Он спокоен. Он все продумал давно. Мне надо это… надо это… переварить.

– Bon appétit, mon cher. Борщ прекрасный…

Он ест.

Нет, у меня пропал аппетит.

– Налейте мне еще водки.

– Выпей, выпей. Это поможет понять всю грандиозность замысла. Геза, я вынашивал эту идею почти два года. Я продумал все. У нас не будет проблем. Печи сделают китайцы и голландцы. Они спроектированы выдающимися инженерами. Каждая печь создается под свое полено, для определенного набора блюд. Он будет неизменен! Сеть суперресторанов покроет мир. Огромные вложения ожидают нас. И огромная прибыль. Мир созрел! Это будет революция.

– А что остается поварам в этой революции? Резать лук, посвистывая? Пассеровать муку? Помешивать супчик половником?

– Артисты гриля уйдут в прошлое, это правда. Эскалибур – на полку. Хватит фехтовать, хватит глотать дым, хватит плясать над жаровней, Геза! Пора готовить. Спокойно, добротно. И хорошо! Без фокусов, без оглядки, без риска. Посмотри на наших поваров! Молодые ребята, а как готовят! Парни! – он кричит поварам. – Все прекрасно! Вы сегодня просто супер!
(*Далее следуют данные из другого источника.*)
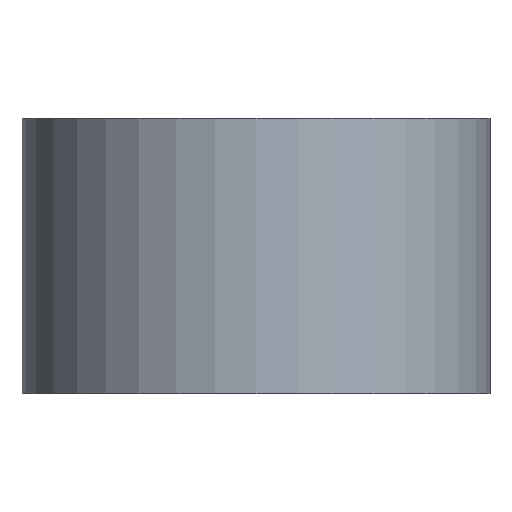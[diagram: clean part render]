
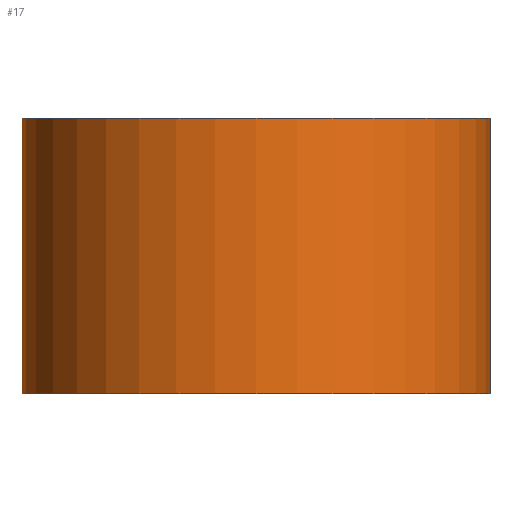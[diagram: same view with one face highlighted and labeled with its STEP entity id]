
A CAD part, front view. The second image highlights one B-rep face of the part: STEP entity #17.
In plain terms, the highlighted cylindrical face has radius 12.75 mm (diameter 25.5 mm), a full revolution.
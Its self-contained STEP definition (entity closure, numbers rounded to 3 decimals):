
#17 = ADVANCED_FACE('',(#18),#32,.T.);
#18 = FACE_BOUND('',#19,.F.);
#19 = EDGE_LOOP('',(#20,#50,#77,#78));
#20 = ORIENTED_EDGE('',*,*,#21,.T.);
#21 = EDGE_CURVE('',#22,#24,#26,.T.);
#22 = VERTEX_POINT('',#23);
#23 = CARTESIAN_POINT('',(12.75,0.,0.));
#24 = VERTEX_POINT('',#25);
#25 = CARTESIAN_POINT('',(12.75,0.,15.));
#26 = SEAM_CURVE('',#27,(#31,#43),.PCURVE_S1.);
#27 = LINE('',#28,#29);
#28 = CARTESIAN_POINT('',(12.75,0.,0.));
#29 = VECTOR('',#30,1.);
#30 = DIRECTION('',(0.,0.,1.));
#31 = PCURVE('',#32,#37);
#32 = CYLINDRICAL_SURFACE('',#33,12.75);
#33 = AXIS2_PLACEMENT_3D('',#34,#35,#36);
#34 = CARTESIAN_POINT('',(0.,0.,0.));
#35 = DIRECTION('',(-0.,-0.,-1.));
#36 = DIRECTION('',(1.,0.,0.));
#37 = DEFINITIONAL_REPRESENTATION('',(#38),#42);
#38 = LINE('',#39,#40);
#39 = CARTESIAN_POINT('',(-0.,0.));
#40 = VECTOR('',#41,1.);
#41 = DIRECTION('',(-0.,-1.));
#42 = ( GEOMETRIC_REPRESENTATION_CONTEXT(2) 
PARAMETRIC_REPRESENTATION_CONTEXT() REPRESENTATION_CONTEXT('2D SPACE',''
  ) );
#43 = PCURVE('',#32,#44);
#44 = DEFINITIONAL_REPRESENTATION('',(#45),#49);
#45 = LINE('',#46,#47);
#46 = CARTESIAN_POINT('',(-6.283,0.));
#47 = VECTOR('',#48,1.);
#48 = DIRECTION('',(-0.,-1.));
#49 = ( GEOMETRIC_REPRESENTATION_CONTEXT(2) 
PARAMETRIC_REPRESENTATION_CONTEXT() REPRESENTATION_CONTEXT('2D SPACE',''
  ) );
#50 = ORIENTED_EDGE('',*,*,#51,.T.);
#51 = EDGE_CURVE('',#24,#24,#52,.T.);
#52 = SURFACE_CURVE('',#53,(#58,#65),.PCURVE_S1.);
#53 = CIRCLE('',#54,12.75);
#54 = AXIS2_PLACEMENT_3D('',#55,#56,#57);
#55 = CARTESIAN_POINT('',(0.,0.,15.));
#56 = DIRECTION('',(0.,0.,1.));
#57 = DIRECTION('',(1.,0.,0.));
#58 = PCURVE('',#32,#59);
#59 = DEFINITIONAL_REPRESENTATION('',(#60),#64);
#60 = LINE('',#61,#62);
#61 = CARTESIAN_POINT('',(-0.,-15.));
#62 = VECTOR('',#63,1.);
#63 = DIRECTION('',(-1.,0.));
#64 = ( GEOMETRIC_REPRESENTATION_CONTEXT(2) 
PARAMETRIC_REPRESENTATION_CONTEXT() REPRESENTATION_CONTEXT('2D SPACE',''
  ) );
#65 = PCURVE('',#66,#71);
#66 = PLANE('',#67);
#67 = AXIS2_PLACEMENT_3D('',#68,#69,#70);
#68 = CARTESIAN_POINT('',(0.,0.,15.));
#69 = DIRECTION('',(0.,0.,1.));
#70 = DIRECTION('',(1.,0.,-0.));
#71 = DEFINITIONAL_REPRESENTATION('',(#72),#76);
#72 = CIRCLE('',#73,12.75);
#73 = AXIS2_PLACEMENT_2D('',#74,#75);
#74 = CARTESIAN_POINT('',(0.,0.));
#75 = DIRECTION('',(1.,0.));
#76 = ( GEOMETRIC_REPRESENTATION_CONTEXT(2) 
PARAMETRIC_REPRESENTATION_CONTEXT() REPRESENTATION_CONTEXT('2D SPACE',''
  ) );
#77 = ORIENTED_EDGE('',*,*,#21,.F.);
#78 = ORIENTED_EDGE('',*,*,#79,.F.);
#79 = EDGE_CURVE('',#22,#22,#80,.T.);
#80 = SURFACE_CURVE('',#81,(#86,#93),.PCURVE_S1.);
#81 = CIRCLE('',#82,12.75);
#82 = AXIS2_PLACEMENT_3D('',#83,#84,#85);
#83 = CARTESIAN_POINT('',(0.,0.,0.));
#84 = DIRECTION('',(0.,0.,1.));
#85 = DIRECTION('',(1.,0.,0.));
#86 = PCURVE('',#32,#87);
#87 = DEFINITIONAL_REPRESENTATION('',(#88),#92);
#88 = LINE('',#89,#90);
#89 = CARTESIAN_POINT('',(-0.,0.));
#90 = VECTOR('',#91,1.);
#91 = DIRECTION('',(-1.,0.));
#92 = ( GEOMETRIC_REPRESENTATION_CONTEXT(2) 
PARAMETRIC_REPRESENTATION_CONTEXT() REPRESENTATION_CONTEXT('2D SPACE',''
  ) );
#93 = PCURVE('',#94,#99);
#94 = PLANE('',#95);
#95 = AXIS2_PLACEMENT_3D('',#96,#97,#98);
#96 = CARTESIAN_POINT('',(0.,0.,0.));
#97 = DIRECTION('',(0.,0.,1.));
#98 = DIRECTION('',(1.,0.,-0.));
#99 = DEFINITIONAL_REPRESENTATION('',(#100),#104);
#100 = CIRCLE('',#101,12.75);
#101 = AXIS2_PLACEMENT_2D('',#102,#103);
#102 = CARTESIAN_POINT('',(0.,0.));
#103 = DIRECTION('',(1.,0.));
#104 = ( GEOMETRIC_REPRESENTATION_CONTEXT(2) 
PARAMETRIC_REPRESENTATION_CONTEXT() REPRESENTATION_CONTEXT('2D SPACE',''
  ) );

Повара кивают колпаками. Борщ уносят. Я так и не попробовал его. Блюдо с рыбой, тушеные овощи, красная капуста. Что-то швейцарское. Белое вино. Мне хочется напиться. Выпиваю бокал залпом. И вдруг вспоминаю:

– Постой, а как же… что это было с Антонио?

– Антонио… – он небрежно машет лапой.

– Он же хотел пустить тираж в дело, обрушить Кухню?

– Он оказался мудаком. Жадным и недальновидным. И мстительным. Он засветил тираж, а потом и Манарагу. Я ошибся в нем. К счастью, общался через аватара. С другой стороны, рано или поздно Кухня узнала бы про нас.

– Нас? Сколько вас?

– Не считая нашей СБ, которая принимала вас ночью, я и двадцать три повара. И ты.

– Я не с тобой, Анри.

Слоновьи глазки впериваются в меня. Он вытирает рот салфеткой:

– Полюбуйся-ка, дружище. Тебе это будет интересно.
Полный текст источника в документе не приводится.